■ **RECORDS SHOWN**:
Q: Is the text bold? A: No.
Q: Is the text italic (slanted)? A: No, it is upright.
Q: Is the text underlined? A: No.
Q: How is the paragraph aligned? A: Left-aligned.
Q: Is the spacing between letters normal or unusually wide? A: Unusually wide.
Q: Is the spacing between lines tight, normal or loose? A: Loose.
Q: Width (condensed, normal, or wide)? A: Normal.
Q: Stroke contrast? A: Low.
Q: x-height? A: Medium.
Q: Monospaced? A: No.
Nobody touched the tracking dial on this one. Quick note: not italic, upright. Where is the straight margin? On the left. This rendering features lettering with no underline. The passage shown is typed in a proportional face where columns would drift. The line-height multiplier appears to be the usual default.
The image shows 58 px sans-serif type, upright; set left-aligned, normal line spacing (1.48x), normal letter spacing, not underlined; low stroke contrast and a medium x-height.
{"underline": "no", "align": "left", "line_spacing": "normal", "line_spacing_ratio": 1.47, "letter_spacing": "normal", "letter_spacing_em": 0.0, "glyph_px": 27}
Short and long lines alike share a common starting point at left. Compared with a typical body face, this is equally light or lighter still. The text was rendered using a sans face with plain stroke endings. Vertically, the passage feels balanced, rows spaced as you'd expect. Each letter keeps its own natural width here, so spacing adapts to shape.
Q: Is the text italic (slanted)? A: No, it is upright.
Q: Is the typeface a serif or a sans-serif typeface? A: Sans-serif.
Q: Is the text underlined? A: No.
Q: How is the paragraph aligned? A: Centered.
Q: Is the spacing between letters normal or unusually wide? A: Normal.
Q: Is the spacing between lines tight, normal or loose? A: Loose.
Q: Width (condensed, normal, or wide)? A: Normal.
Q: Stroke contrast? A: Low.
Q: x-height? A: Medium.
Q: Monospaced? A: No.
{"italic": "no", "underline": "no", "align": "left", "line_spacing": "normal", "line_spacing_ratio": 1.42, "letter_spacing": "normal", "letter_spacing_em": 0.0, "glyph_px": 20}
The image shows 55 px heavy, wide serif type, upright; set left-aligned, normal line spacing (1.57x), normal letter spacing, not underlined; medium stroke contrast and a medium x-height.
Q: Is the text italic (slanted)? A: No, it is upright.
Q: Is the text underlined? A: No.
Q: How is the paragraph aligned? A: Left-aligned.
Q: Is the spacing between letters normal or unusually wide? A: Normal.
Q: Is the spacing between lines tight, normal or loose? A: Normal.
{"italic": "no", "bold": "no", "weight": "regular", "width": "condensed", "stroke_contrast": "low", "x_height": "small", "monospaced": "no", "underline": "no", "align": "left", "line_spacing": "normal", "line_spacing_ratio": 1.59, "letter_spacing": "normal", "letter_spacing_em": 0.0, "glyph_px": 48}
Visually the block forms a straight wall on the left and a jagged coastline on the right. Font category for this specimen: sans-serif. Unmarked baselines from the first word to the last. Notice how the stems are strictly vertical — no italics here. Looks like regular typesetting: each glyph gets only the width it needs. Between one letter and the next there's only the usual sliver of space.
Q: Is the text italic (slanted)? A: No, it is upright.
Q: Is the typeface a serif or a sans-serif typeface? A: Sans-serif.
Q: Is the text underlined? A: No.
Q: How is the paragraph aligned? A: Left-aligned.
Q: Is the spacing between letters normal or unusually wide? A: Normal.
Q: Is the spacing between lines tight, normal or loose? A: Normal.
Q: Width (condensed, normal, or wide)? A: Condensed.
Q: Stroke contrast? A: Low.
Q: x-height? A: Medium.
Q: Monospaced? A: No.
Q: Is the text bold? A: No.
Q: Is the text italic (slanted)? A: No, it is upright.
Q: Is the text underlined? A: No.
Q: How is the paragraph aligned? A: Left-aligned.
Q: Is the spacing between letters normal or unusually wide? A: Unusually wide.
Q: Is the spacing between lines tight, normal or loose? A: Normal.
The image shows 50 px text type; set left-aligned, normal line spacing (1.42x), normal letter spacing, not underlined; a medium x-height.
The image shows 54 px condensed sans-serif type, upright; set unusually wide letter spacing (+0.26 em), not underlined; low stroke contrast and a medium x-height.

■ **PROBLEM REQUIREMENTS**: Reproduce every record above, word for word.

■ **WRITTEN ANSWER**:
Q: Is the text bold? A: No.
Q: Is the text italic (slanted)? A: No, it is upright.
Q: Is the text underlined? A: No.
Q: How is the paragraph aligned? A: Left-aligned.
Q: Is the spacing between letters normal or unusually wide? A: Unusually wide.
Q: Is the spacing between lines tight, normal or loose? A: Loose.
Q: Width (condensed, normal, or wide)? A: Normal.
Q: Stroke contrast? A: Low.
Q: x-height? A: Medium.
Q: Monospaced? A: No.
Nobody touched the tracking dial on this one. Quick note: not italic, upright. Where is the straight margin? On the left. This rendering features lettering with no underline. The passage shown is typed in a proportional face where columns would drift. The line-height multiplier appears to be the usual default.
The image shows 58 px sans-serif type, upright; set left-aligned, normal line spacing (1.48x), normal letter spacing, not underlined; low stroke contrast and a medium x-height.
{"underline": "no", "align": "left", "line_spacing": "normal", "line_spacing_ratio": 1.47, "letter_spacing": "normal", "letter_spacing_em": 0.0, "glyph_px": 27}
Short and long lines alike share a common starting point at left. Compared with a typical body face, this is equally light or lighter still. The text was rendered using a sans face with plain stroke endings. Vertically, the passage feels balanced, rows spaced as you'd expect. Each letter keeps its own natural width here, so spacing adapts to shape.
Q: Is the text italic (slanted)? A: No, it is upright.
Q: Is the typeface a serif or a sans-serif typeface? A: Sans-serif.
Q: Is the text underlined? A: No.
Q: How is the paragraph aligned? A: Centered.
Q: Is the spacing between letters normal or unusually wide? A: Normal.
Q: Is the spacing between lines tight, normal or loose? A: Loose.
Q: Width (condensed, normal, or wide)? A: Normal.
Q: Stroke contrast? A: Low.
Q: x-height? A: Medium.
Q: Monospaced? A: No.
{"italic": "no", "underline": "no", "align": "left", "line_spacing": "normal", "line_spacing_ratio": 1.42, "letter_spacing": "normal", "letter_spacing_em": 0.0, "glyph_px": 20}
The image shows 55 px heavy, wide serif type, upright; set left-aligned, normal line spacing (1.57x), normal letter spacing, not underlined; medium stroke contrast and a medium x-height.
Q: Is the text italic (slanted)? A: No, it is upright.
Q: Is the text underlined? A: No.
Q: How is the paragraph aligned? A: Left-aligned.
Q: Is the spacing between letters normal or unusually wide? A: Normal.
Q: Is the spacing between lines tight, normal or loose? A: Normal.
{"italic": "no", "bold": "no", "weight": "regular", "width": "condensed", "stroke_contrast": "low", "x_height": "small", "monospaced": "no", "underline": "no", "align": "left", "line_spacing": "normal", "line_spacing_ratio": 1.59, "letter_spacing": "normal", "letter_spacing_em": 0.0, "glyph_px": 48}
Visually the block forms a straight wall on the left and a jagged coastline on the right. Font category for this specimen: sans-serif. Unmarked baselines from the first word to the last. Notice how the stems are strictly vertical — no italics here. Looks like regular typesetting: each glyph gets only the width it needs. Between one letter and the next there's only the usual sliver of space.
Q: Is the text italic (slanted)? A: No, it is upright.
Q: Is the typeface a serif or a sans-serif typeface? A: Sans-serif.
Q: Is the text underlined? A: No.
Q: How is the paragraph aligned? A: Left-aligned.
Q: Is the spacing between letters normal or unusually wide? A: Normal.
Q: Is the spacing between lines tight, normal or loose? A: Normal.
Q: Width (condensed, normal, or wide)? A: Condensed.
Q: Stroke contrast? A: Low.
Q: x-height? A: Medium.
Q: Monospaced? A: No.
Q: Is the text bold? A: No.
Q: Is the text italic (slanted)? A: No, it is upright.
Q: Is the text underlined? A: No.
Q: How is the paragraph aligned? A: Left-aligned.
Q: Is the spacing between letters normal or unusually wide? A: Unusually wide.
Q: Is the spacing between lines tight, normal or loose? A: Normal.
The image shows 50 px text type; set left-aligned, normal line spacing (1.42x), normal letter spacing, not underlined; a medium x-height.
The image shows 54 px condensed sans-serif type, upright; set unusually wide letter spacing (+0.26 em), not underlined; low stroke contrast and a medium x-height.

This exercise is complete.